I'd like to nth Mark Bittman. I have "How to Cook Everything Vegetarian", and it's really great as a reference when I want to try a vegetable or grain that I have never cooked before. He gives you advice on preparing it in the most basic way possible, and follows that with a bunch of variations. As a new cook, that book has made it pretty painless for me to learn the basics of cooking and expand my repertoire to new foods and different ways to prepare them.

Re: cooking for one, a lot of his basic preparation advice will work for any quantity of food, and the more traditional recipes usually are for 4 - so not an outrageous amount of leftovers for one person.
posted by fussbudget at 11:20 AM on August 9, 2012


Fannie Farmer is even more plain-food-for-plain-people than Joy of Cooking. Behind the link is a reprint of the original 1896 edition, but the newer ones are the same basic idea.

If you don't want to buy an Indian cookbook, then try Bawarchi.

Depending on what part of the country you come from, you may love or hate Moosewood, cited above. I do not particularly care about the good ol' dishes of my youth, but still I find the entire Moosewood school of thought to be somehow bland and also sanctimonious at the same time. But if bland and low-meat is what you want...
posted by skbw at 11:24 AM on August 9, 2012 [1 favorite]


Also, don't be demoralized by your friends posting crazy recipes for whatnot on Facebook or wherever it is you "see" them virtually. All those wack recipes are almost by definition for people who don't know how to cook and are doing this for entertainment.
posted by skbw at 11:29 AM on August 9, 2012


Best answer: Because nobody's mentioned this so far-- before widespread refrigeration/long-distance food transport, the ingredients available to cooks varied tremendously according to the season. If you can get your fruits & veg from a CSA or farmer's market, that'll be an easy way to keep some variety in your food rotation without resorting to processed stuff. And even if you stick to the grocery store, keeping in mind what's in season will help you narrow down what's going to be the highest quality produce at any point in the year. Plus, it's just more fun to have a seasonally varied diet.
posted by oinopaponton at 11:31 AM on August 9, 2012 [2 favorites]

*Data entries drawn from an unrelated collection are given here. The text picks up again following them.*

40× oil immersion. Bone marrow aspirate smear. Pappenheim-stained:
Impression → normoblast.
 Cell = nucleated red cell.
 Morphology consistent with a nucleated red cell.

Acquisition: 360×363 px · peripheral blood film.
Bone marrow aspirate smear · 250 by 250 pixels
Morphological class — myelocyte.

Watch Alton Browns "Good Eats" you can often find episodes on Hulu for free.

Buy a copy of "The Joy of Cooking". Or go to your local library and check out the cookbooks, cookbooks tend to me aimed at a different demographic than online recipe sites, which are usually people trying to get a meal on the table quickly. Where as the actual books tend to be more about the ingredients and enjoying the food.

Lots of secondhand bookshops stock old cookbooks if you really want to cook like it's 1909.
posted by wwax at 11:32 AM on August 9, 2012 [1 favorite]

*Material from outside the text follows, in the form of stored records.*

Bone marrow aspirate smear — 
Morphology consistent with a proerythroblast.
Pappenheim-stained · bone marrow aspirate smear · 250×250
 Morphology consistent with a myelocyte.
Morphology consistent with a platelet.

I want to eat like it's 1909 [...] How did grandma do it, or great-grandma?
Well, first she went into the yard and snatched a chicken up by its neck…
So, anyway, drop this conceit. Many $grandmas also boiled all vegetables until they were gray, which is in part why broccoli and brussels sprouts have such horrible, false, reputations.
Online recipes are full of ingredients like "X-Brand Low Fat Cheese" and "Canned Y in Syrup."
The only time I've ever seen this is when a blogger is specifically promoting some product, or if the recipes are explicitly of the make-in-15min-including-boiling variety. So that's another thing you have to let go of; cooking "real food" involves at least a little time investment. (As you learn, you'll figure out when you can walk away for a bit and do other stuff in combination.) Recipes with prepared stuff out of cans and boxes are fast because the stuff is already cooked and you're mostly just re-heating it while stirring together.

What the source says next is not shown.